At present, the main natural gas deep dewatering device at home and abroad is the use of synthetic fluorspar molecular sieves to strongly adsorb water vapor molecules in the gas to achieve deep dehydration.
Synthetic zeolite molecular sieve is a kind of aluminosilicate crystal with strict skeleton structure. The inner skeleton formed by silicon-aluminum tetrahedron has numerous micropores with three-dimensional connectivity. It is a strong polar adsorbent with uniform pore size and high The choice of adsorption separation ability. As the ratio of silicon to aluminum increases, the polarity of the molecular sieve gradually decreases. Therefore, the molecular sieve with a low silicon to aluminum ratio has a stronger ability to adsorb moisture, and is suitable for deep dehydration of gas.
Molecular sieves are high-efficiency dehydrators commonly used in compressed natural gas. The main advantages are as follows:
1 Molecular sieve can deeply dehydrate the gas. Under normal circumstances, its adsorption amount is higher than other adsorbents, which can reduce the size of the drying tower and save money.
2 Molecular sieves can effectively dry gases at higher temperatures.
3 Molecular sieves can selectively adsorb moisture, avoiding the co-adsorption of heavy hydrocarbons and causing the adsorbent to fail.

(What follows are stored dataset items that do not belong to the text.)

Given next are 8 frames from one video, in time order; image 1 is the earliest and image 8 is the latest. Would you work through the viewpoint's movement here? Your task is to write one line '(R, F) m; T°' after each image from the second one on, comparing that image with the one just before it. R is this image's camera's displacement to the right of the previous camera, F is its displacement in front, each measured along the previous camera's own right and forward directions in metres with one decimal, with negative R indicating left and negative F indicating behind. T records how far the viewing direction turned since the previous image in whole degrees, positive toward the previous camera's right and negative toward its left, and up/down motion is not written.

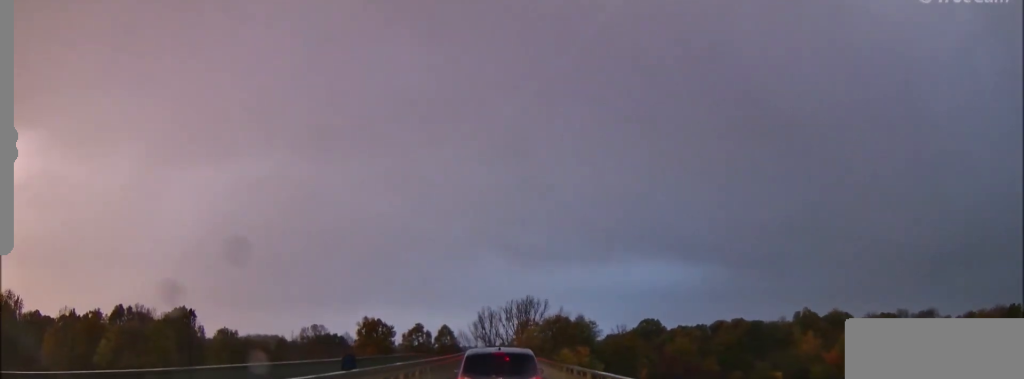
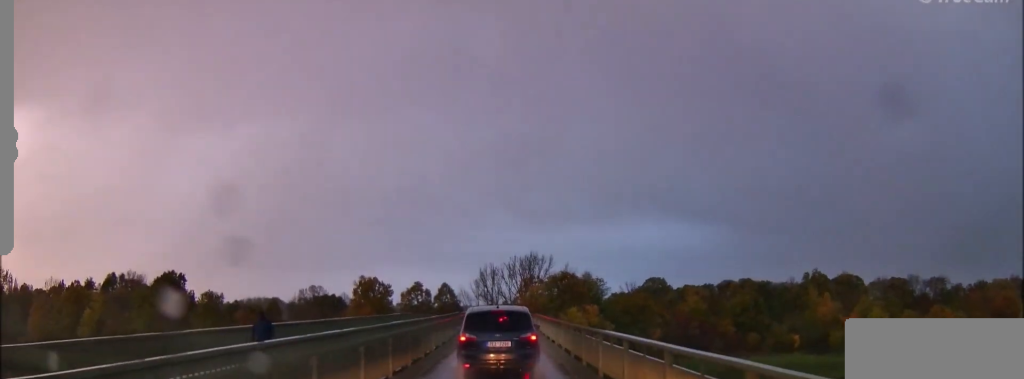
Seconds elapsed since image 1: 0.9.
(+0.2, +7.0) m; -2°
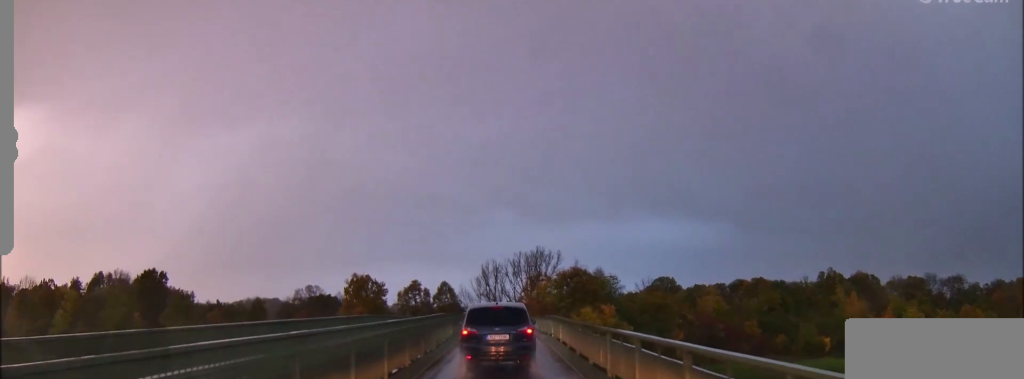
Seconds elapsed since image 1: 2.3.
(-0.7, +13.2) m; -2°
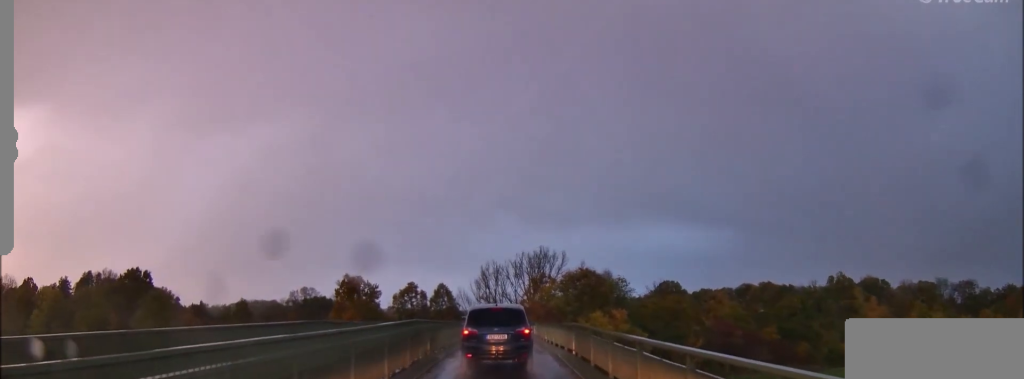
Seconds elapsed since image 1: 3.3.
(+0.2, +10.3) m; +2°
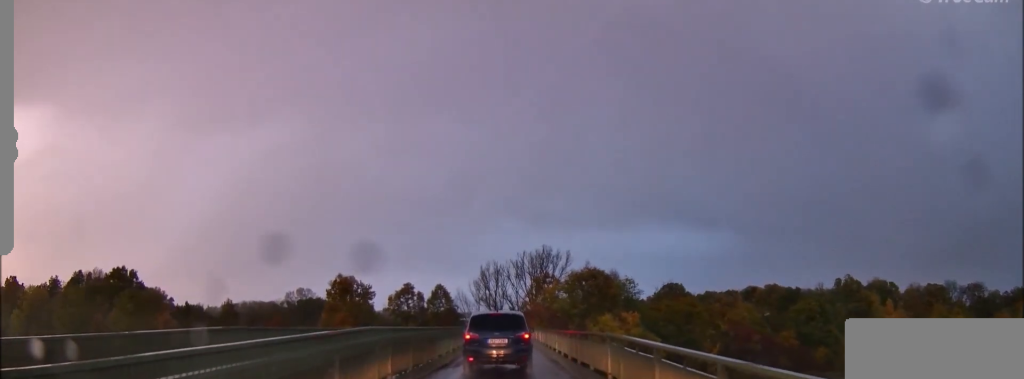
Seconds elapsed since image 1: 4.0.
(+0.1, +7.9) m; +1°
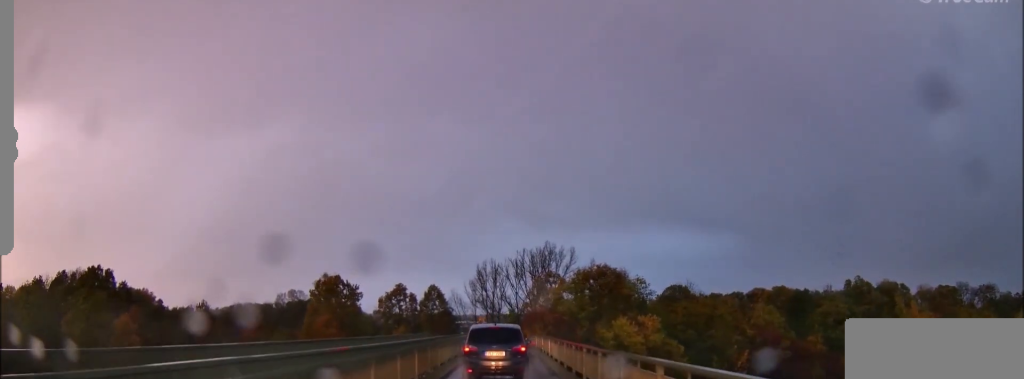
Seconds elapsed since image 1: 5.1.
(-0.1, +10.9) m; -1°
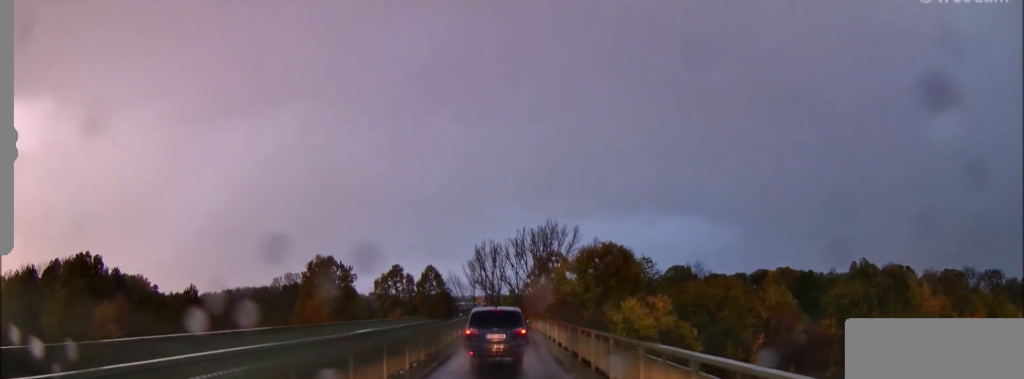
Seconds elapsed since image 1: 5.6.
(0.0, +4.8) m; -1°
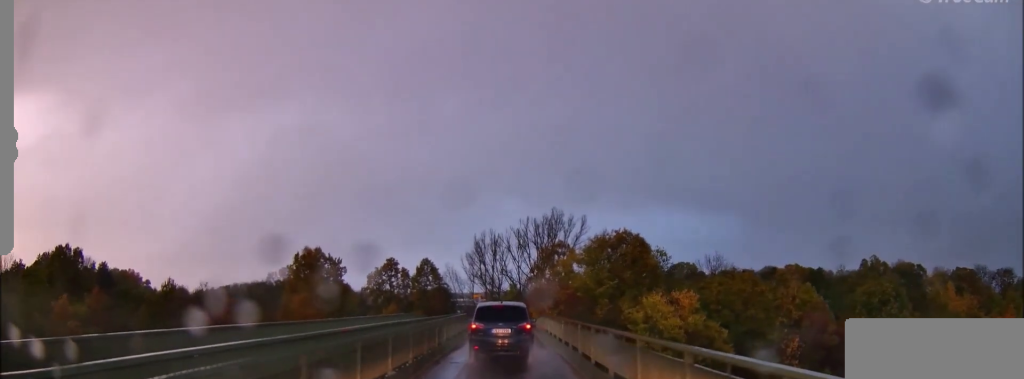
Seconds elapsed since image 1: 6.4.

4 Molecular sieves are not easily damaged by liquid water, and adsorbents such as silica gel are easily brittle when exposed to water.
As the gas passes through the molecular sieve bed, the water vapor molecules in the gas enter the pores inside the molecular sieve with the gas stream. Since water molecules are highly polar molecules, they are adsorbed on the pores and no longer flow with the gas; while hydrocarbon gases such as methane are non-polar molecules, they pass smoothly and the gas is dried.
As the moisture adsorbed by the molecular sieve in the adsorption tower increases, the adsorption capacity of the molecular sieve to the water molecules gradually decreases. When a certain value is reached, the water molecules in the gas at the outlet of the adsorption tower exceed the specified value, indicating the molecular sieve in the tower. Has been saturated. At this time, it is necessary to regenerate the molecular sieve in the adsorption tower.
The regeneration process is the process of expelling the water molecules adsorbed in the micropores of the molecular sieve to reactivate the molecular sieve. The design of the regeneration process is critical to the continuous operation of the dryer. As a molecular sieve filling tower for adsorbing moisture, no matter how much design margin is selected, the molecular sieve will eventually be saturated and lose the ability to adsorb moisture. Therefore, choosing a reasonable regeneration process and parameters becomes the focus of dryer design. A reasonable regeneration process can achieve the purpose of effective regeneration with as little consumption as possible (electric heating power, gas consumption rate).